TASK REQUIREMENTS:
Please reproduce the data exactly, excluding any pictures it contains.

RECORDED DATA: Begin

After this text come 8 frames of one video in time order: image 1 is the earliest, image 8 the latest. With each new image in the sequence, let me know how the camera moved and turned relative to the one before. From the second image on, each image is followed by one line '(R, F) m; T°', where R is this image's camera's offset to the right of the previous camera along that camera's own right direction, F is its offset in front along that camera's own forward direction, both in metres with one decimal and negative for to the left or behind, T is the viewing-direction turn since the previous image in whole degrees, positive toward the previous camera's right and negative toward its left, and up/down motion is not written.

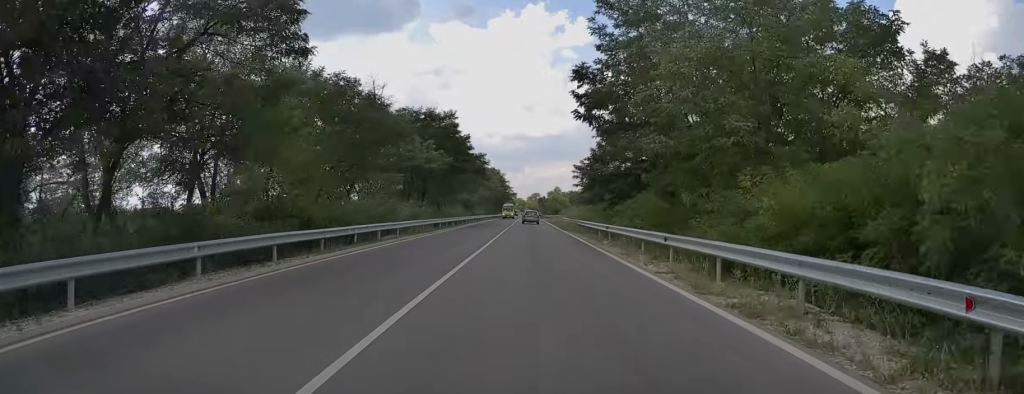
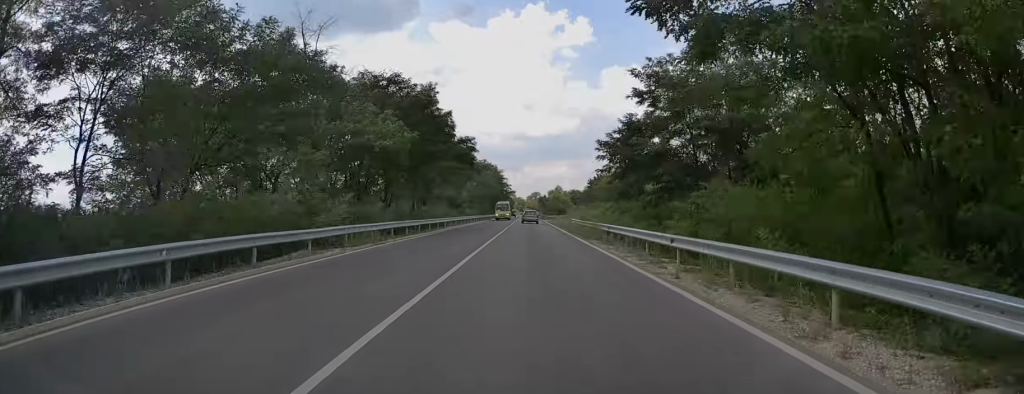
(-0.2, +13.1) m; 0°
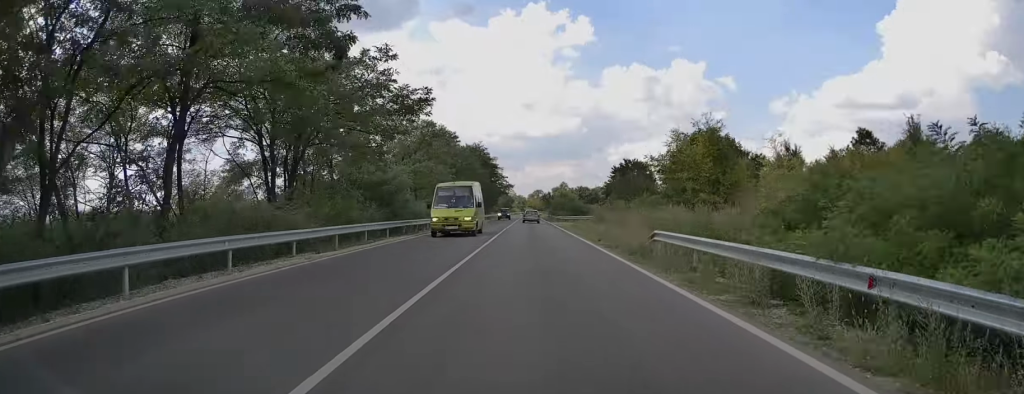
(+0.4, +33.2) m; +1°
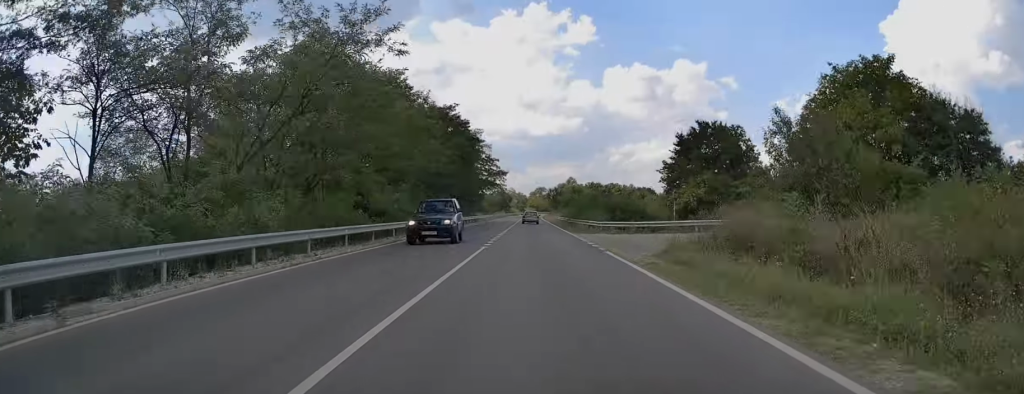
(-0.5, +38.8) m; -1°
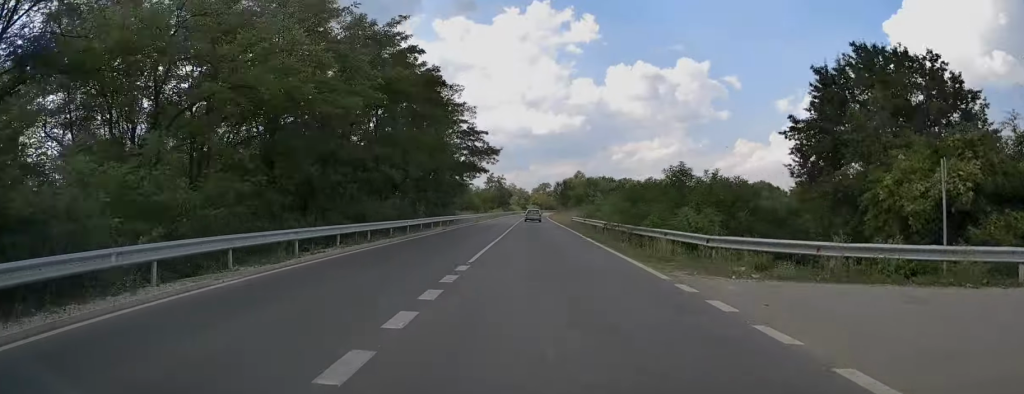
(0.0, +25.6) m; 0°
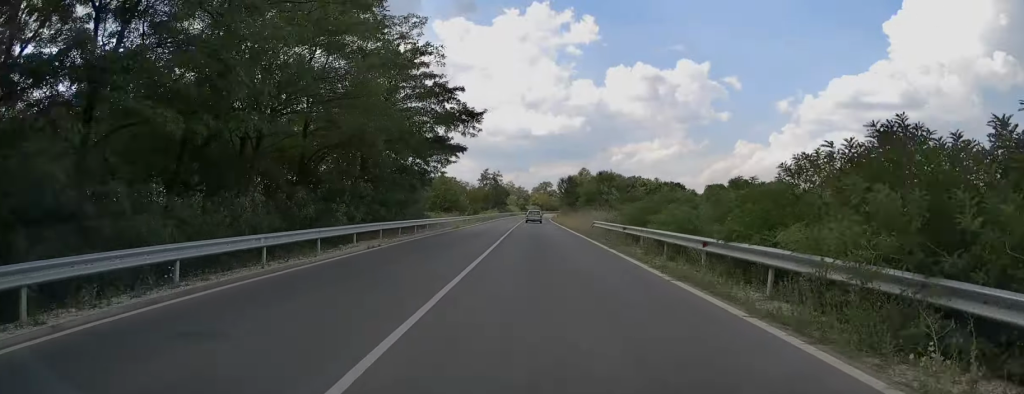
(+0.2, +18.4) m; 0°
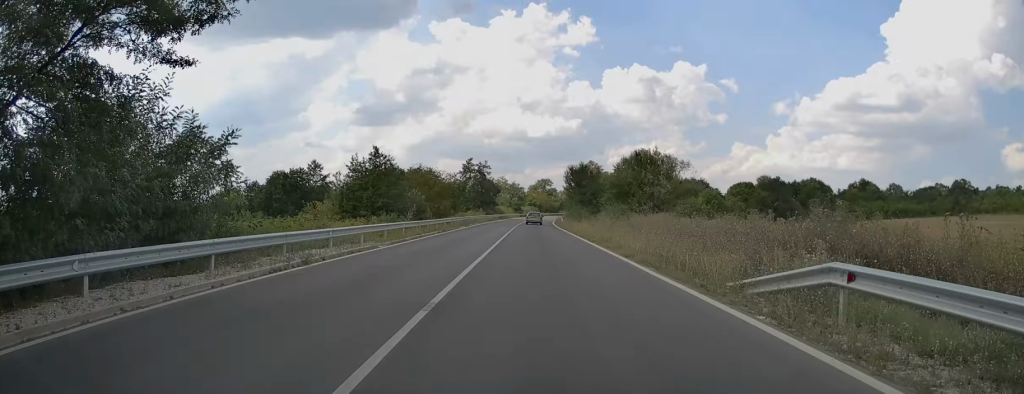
(-0.3, +30.6) m; 0°
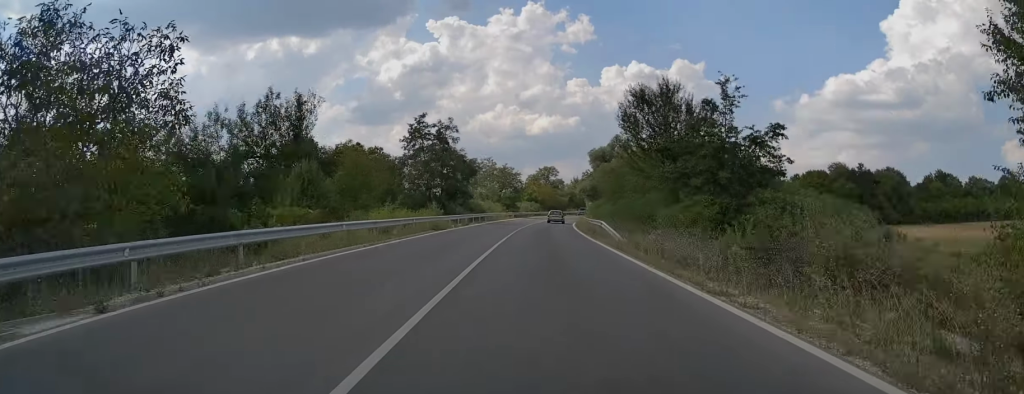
(+0.6, +46.6) m; +1°

RECORDED DATA: End

WRITTEN SOLUTION:
After this text come 8 frames of one video in time order: image 1 is the earliest, image 8 the latest. With each new image in the sequence, let me know how the camera moved and turned relative to the one before. From the second image on, each image is followed by one line '(R, F) m; T°', where R is this image's camera's offset to the right of the previous camera along that camera's own right direction, F is its offset in front along that camera's own forward direction, both in metres with one decimal and negative for to the left or behind, T is the viewing-direction turn since the previous image in whole degrees, positive toward the previous camera's right and negative toward its left, and up/down motion is not written.

(-0.2, +13.1) m; 0°
(+0.4, +33.2) m; +1°
(-0.5, +38.8) m; -1°
(0.0, +25.6) m; 0°
(+0.2, +18.4) m; 0°
(-0.3, +30.6) m; 0°
(+0.6, +46.6) m; +1°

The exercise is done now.